Educational Objective
To identify the key insights or developments described in this article
1 Credit CME
Key Points

Question  What proportion of individuals living in southern New England had immunity to SARS-CoV-2, either through past infection or vaccination, by May 31, 2021?

Findings  This case series analysis for Rhode Island, Massachusetts, and Connecticut revealed that two-thirds of residents were immune to SARS-CoV-2 by May 31, 2021. The population immune fraction was lower than desired because 27% of vaccines during the winter to spring 2021 vaccination campaign were administered to individuals who were already seropositive.

Meaning  These findings suggest that SARS-CoV-2 population immunity was overestimated in summer 2021 and that future emergency-setting vaccination campaigns may need to exceed traditional coverage goals.

Abstract

Importance  In emergency epidemic and pandemic settings, public health agencies need to be able to measure the population-level attack rate, defined as the total percentage of the population infected thus far. During vaccination campaigns in such settings, public health agencies need to be able to assess how much the vaccination campaign is contributing to population immunity; specifically, the proportion of vaccines being administered to individuals who are already seropositive must be estimated.

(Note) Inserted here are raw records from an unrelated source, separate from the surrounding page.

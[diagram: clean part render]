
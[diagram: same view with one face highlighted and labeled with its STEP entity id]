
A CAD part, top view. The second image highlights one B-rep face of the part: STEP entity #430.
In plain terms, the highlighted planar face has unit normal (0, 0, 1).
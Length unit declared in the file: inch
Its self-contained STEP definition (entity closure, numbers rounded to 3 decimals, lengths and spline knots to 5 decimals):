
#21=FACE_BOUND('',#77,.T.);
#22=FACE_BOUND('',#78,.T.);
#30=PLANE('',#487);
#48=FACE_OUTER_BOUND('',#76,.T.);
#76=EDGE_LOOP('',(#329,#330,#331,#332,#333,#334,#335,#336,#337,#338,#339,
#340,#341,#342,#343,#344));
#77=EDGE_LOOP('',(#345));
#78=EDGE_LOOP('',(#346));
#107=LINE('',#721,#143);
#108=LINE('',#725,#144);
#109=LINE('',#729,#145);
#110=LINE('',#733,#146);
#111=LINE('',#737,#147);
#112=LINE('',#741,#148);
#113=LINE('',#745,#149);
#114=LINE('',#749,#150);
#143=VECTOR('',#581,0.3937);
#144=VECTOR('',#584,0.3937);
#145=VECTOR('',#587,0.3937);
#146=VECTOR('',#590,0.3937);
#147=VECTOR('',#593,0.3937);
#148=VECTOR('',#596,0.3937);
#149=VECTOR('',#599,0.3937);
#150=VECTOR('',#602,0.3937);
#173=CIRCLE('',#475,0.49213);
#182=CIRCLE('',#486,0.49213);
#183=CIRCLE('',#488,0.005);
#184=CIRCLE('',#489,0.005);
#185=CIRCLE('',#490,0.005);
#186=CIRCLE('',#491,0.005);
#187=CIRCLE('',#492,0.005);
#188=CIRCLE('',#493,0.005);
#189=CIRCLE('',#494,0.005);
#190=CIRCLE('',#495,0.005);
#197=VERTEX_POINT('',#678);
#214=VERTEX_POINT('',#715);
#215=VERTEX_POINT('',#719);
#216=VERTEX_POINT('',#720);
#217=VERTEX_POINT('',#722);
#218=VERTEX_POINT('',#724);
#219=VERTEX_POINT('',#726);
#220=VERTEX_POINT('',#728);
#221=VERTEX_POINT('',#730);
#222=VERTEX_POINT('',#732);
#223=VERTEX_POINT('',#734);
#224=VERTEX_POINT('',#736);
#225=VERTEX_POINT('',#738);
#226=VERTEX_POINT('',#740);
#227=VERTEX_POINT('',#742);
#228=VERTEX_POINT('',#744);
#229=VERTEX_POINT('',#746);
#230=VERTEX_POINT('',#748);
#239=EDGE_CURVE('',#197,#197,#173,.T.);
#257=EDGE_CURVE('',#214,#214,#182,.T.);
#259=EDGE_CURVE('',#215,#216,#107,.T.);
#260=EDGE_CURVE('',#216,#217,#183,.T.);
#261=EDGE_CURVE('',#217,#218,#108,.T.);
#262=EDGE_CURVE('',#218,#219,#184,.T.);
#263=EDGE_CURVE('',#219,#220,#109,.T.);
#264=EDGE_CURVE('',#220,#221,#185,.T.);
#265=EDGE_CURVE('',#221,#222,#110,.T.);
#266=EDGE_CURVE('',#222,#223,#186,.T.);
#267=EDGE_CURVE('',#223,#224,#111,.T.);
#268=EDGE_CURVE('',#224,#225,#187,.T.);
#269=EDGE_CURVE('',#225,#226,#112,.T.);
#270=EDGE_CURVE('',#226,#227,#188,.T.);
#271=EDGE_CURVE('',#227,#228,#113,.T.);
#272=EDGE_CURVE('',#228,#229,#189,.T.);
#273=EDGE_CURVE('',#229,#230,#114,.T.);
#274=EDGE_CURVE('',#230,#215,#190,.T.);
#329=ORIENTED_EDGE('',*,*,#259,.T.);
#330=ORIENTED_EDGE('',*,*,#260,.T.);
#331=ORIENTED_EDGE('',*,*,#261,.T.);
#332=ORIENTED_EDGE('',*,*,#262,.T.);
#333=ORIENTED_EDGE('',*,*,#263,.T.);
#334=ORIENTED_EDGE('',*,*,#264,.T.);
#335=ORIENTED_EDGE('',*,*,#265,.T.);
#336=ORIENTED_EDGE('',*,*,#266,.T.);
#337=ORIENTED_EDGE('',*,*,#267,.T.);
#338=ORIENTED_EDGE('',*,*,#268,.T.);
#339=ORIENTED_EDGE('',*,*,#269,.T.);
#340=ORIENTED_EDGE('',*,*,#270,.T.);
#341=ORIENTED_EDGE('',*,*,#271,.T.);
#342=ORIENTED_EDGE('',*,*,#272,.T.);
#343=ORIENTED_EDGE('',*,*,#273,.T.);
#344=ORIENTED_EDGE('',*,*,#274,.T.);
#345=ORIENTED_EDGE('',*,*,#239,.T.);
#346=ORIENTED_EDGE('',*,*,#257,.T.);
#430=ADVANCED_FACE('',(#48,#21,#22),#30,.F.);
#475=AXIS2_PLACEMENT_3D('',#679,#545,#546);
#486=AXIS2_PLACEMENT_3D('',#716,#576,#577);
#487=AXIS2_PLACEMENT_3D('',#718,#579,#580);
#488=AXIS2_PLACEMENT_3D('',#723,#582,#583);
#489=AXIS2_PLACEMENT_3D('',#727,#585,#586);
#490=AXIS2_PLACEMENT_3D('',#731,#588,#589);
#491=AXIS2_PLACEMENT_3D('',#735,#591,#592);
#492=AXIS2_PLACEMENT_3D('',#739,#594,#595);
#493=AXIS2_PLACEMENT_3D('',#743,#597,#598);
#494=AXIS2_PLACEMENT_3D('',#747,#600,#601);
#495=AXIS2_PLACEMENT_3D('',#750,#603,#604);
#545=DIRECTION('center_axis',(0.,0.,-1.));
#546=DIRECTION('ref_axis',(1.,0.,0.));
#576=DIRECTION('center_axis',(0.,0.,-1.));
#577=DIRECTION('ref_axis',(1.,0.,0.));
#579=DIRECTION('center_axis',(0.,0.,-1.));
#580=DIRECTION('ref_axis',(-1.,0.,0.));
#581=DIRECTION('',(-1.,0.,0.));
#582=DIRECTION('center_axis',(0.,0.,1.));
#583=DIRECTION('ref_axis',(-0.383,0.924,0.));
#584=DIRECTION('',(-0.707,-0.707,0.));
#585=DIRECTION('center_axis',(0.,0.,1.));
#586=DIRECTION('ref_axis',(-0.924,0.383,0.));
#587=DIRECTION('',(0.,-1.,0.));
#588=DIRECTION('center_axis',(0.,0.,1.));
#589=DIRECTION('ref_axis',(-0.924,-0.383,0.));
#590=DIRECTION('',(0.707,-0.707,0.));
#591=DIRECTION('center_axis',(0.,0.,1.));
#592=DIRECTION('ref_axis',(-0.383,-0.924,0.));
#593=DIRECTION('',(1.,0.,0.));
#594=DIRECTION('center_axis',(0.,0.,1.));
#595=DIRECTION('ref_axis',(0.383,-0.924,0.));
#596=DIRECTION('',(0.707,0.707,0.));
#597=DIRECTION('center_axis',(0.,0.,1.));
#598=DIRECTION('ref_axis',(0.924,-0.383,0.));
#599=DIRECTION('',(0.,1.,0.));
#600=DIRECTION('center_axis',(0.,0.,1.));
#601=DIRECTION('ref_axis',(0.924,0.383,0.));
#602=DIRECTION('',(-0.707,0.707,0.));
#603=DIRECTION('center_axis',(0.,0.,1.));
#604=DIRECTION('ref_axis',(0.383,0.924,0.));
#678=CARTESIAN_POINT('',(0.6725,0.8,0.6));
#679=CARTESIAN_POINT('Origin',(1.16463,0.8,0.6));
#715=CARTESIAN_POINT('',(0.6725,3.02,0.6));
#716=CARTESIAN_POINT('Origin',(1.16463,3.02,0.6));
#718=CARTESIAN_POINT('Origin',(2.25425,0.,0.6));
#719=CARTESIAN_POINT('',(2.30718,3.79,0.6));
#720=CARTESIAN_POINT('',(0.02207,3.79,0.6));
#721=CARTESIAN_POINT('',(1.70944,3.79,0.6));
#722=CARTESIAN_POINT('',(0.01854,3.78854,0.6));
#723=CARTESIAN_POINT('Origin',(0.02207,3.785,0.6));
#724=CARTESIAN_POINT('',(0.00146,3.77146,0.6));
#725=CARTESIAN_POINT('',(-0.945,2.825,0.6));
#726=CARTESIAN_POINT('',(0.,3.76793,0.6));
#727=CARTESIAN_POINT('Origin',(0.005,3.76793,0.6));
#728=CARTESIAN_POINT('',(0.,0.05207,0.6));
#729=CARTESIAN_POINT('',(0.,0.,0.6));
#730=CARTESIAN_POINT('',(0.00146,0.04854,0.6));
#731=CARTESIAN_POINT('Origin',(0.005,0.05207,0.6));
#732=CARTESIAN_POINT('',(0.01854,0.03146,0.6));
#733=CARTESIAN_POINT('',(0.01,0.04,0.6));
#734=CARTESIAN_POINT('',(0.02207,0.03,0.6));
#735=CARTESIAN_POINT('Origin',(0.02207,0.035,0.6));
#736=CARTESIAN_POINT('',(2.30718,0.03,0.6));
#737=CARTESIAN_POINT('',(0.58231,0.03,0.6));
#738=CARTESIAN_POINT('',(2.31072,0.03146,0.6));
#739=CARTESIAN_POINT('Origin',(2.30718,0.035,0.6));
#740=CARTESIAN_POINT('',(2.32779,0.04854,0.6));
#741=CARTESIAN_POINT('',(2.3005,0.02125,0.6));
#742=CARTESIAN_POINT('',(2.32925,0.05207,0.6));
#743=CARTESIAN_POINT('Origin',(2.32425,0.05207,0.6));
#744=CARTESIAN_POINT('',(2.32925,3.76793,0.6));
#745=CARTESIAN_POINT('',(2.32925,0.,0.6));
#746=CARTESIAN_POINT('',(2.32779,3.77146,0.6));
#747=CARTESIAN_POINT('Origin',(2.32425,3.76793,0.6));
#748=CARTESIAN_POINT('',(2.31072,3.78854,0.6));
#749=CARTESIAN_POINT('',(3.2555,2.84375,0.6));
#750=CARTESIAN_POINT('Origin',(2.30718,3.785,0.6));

Objective  To estimate population-level immunity to SARS-CoV-2 through May 31, 2021, in Rhode Island, Massachusetts, and Connecticut.

Design, Setting, and Participants  This observational case series assessed cases, hospitalizations, intensive care unit occupancy, ventilator occupancy, and deaths from March 1, 2020, to May 31, 2021, in Rhode Island, Massachusetts, and Connecticut. Data were analyzed from July 2021 to November 2021.

Exposures  COVID-19–positive test result reported to state department of health.

Main Outcomes and Measures  The main outcomes were statistical estimates, from a bayesian inference framework, of the percentage of individuals as of May 31, 2021, who were (1) previously infected and vaccinated, (2) previously uninfected and vaccinated, and (3) previously infected but not vaccinated.

Results  At the state level, there were a total of 1 160 435 confirmed COVID-19 cases in Rhode Island, Massachusetts, and Connecticut. The median age among individuals with confirmed COVID-19 was 38 years. In autumn 2020, SARS-CoV-2 population immunity (equal to the attack rate at that point) in these states was less than 15%, setting the stage for a large epidemic wave during winter 2020 to 2021. Population immunity estimates for May 31, 2021, were 73.4% (95% credible interval [CrI], 72.9%-74.1%) for Rhode Island, 64.1% (95% CrI, 64.0%-64.4%) for Connecticut, and 66.3% (95% CrI, 65.9%-66.9%) for Massachusetts, indicating that more than 33% of residents in these states were fully susceptible to infection when the Delta variant began spreading in July 2021. Despite high vaccine coverage in these states, population immunity in summer 2021 was lower than planned owing to an estimated 34.1% (95% CrI, 32.9%-35.2%) of vaccines in Rhode Island, 24.6% (95% CrI, 24.3%-25.1%) of vaccines in Connecticut, and 27.6% (95% CrI, 26.8%-28.6%) of vaccines in Massachusetts being distributed to individuals who were already seropositive.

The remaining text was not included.